The Long Beach Police Department learned about the posts a few days later and "immediately took action," according to Chief Robert Luna.

“Our organization is dedicated to our community and we must build upon the relationships we have while continuing to develop and foster new relationships,” Luna said in a statement. "We hold our employees to the highest standards and will not ignore behavior that erodes public trust.”

Sacramento Police Department in California suspends use of carotid control hold

Photo: New York City protesters gather in Washington Square Park

Demonstrators gather at Washington Square Park, during a protest against the death in Minneapolis police custody of George Floyd, in New York City, New York, on Saturday.Eduardo Munoz / Reuters

Man seen clinging to hood of car near protest in Pensacola, Florida

A man ended up on top of a car Saturday after allegedly attempting to stop it from evading a group of protesters who were blocking a bridge in Pensacola, Florida.

Authorities say the protesters had blocked a roadway preventing vehicles from entering and exiting the Pensacola Bay Bridge.
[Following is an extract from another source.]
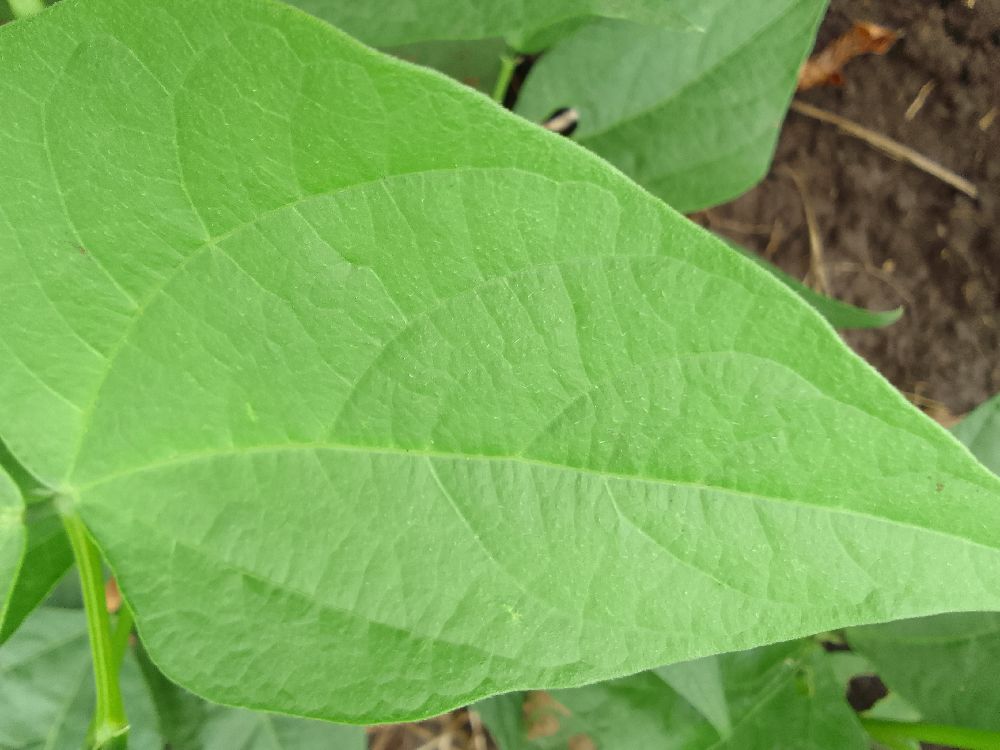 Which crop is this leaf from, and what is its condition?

common bean, healthy
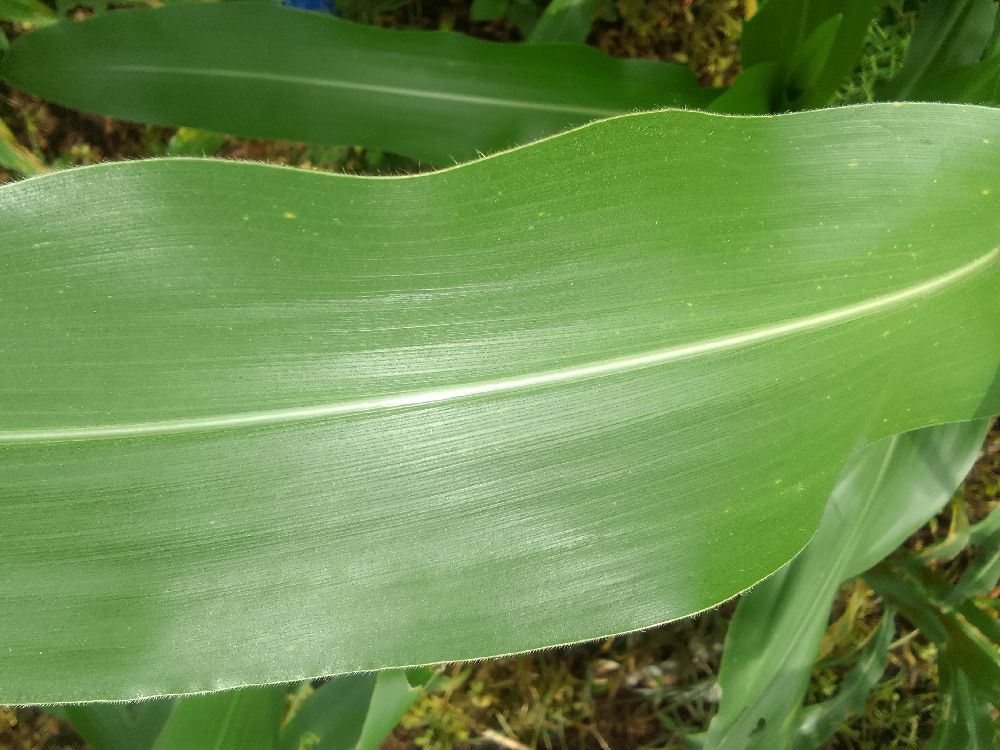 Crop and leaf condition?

maize, healthy

When one of the cars tried to continue onto the bridge the man stood in front of it, according to Pensacola Police.

“The protester remained in front of the vehicle and placed himself on the hood of the vehicle,” police said in a statement.

Liz Parker and Tony Corradetti were in a car on the opposite side of the bridge and captured video of the man clinging to the hood of the car as it slowly drove south.

“What we saw this morning is something you see on TV," Parker said. "It doesn’t happen in your town.” 

Police say the man was taken to the hospital but there were no known injuries. The incident was under investigation.

California police detain man exercising outside his own home

A man in Northern California says he was briefly detained by police while exercising outside his own home. 

“I said, ‘Hey, my car is parked three cars up, that is where I live,’” Mali Watkins, 44, who is black, told NBC Bay Area. “I literally asked him, I said, ‘Officer what was I doing?’ He said, ‘You were dancing.’”

Alameda City Manager Eric Levitt said there will be an independent investigation of the May 23 incident. Police released body camera footage of the encounter on Friday.

Atlanta dental hygienist says police slammed her to ground at protest

An Atlanta dental hygienist is recovering from broken bones after police allegedly slammed her to the ground as she was attempting to leave a protest, NBC affiliate 11 Alive reported.

"The police then comes in and slams me, yanks me out of the car, and slams me down," Amber Jackson told local reporters. "My shoulder is broken. My clavicle is fractured."

A police officer was placed on administrative leave as a result of the incident, which was captured on cell phone video and widely shared on social media.

Atlanta police said Jackson refused to get out of her car when she was instructed to do so. Her lawyer said Jackson is the victim. 

"Our young people who are courageously and correctly demanding an end to police brutality are being brutalized in the street, where it is their right to protest. We need a change in police culture," attorney Mawuli Davis said in a statement.

Photo: Peaceful protesters in Washington, D.C.

Demonstrators raise their fists in a celebratory dance party of civil rights and black culture as they gather at the Black Lives Matter Plaza, near the White House, on Saturday.Jim Bourg / Reuters

Philadelphia Inquirer executive editor resigns after publishing controversial headline

Philadelphia Inquirer executive editor Stan Wischnowski announced his resignation Saturday, just days after some 40 journalists called out "sick and tired" from work following a controversial headline published in the newspaper. 

On Tuesday, the Inquirer ran a story titled "Buildings Matter, Too," which looked at the destruction of businesses across the city as some protests over the death of George Floyd turned violent. 

The headline drew immediate backlash from dozens of reporters and countless readers, who called it tone deaf at best and insulting at worst. The Inquirer issued an apology, saying the headline was "offensive, inappropriate and we should not have printed it."

"We deeply regret that we did," the statement read in part. "We also know that an apology on its own is not sufficient."

Wischnowski worked at the Inquirer for 20 years, according to the newspaper.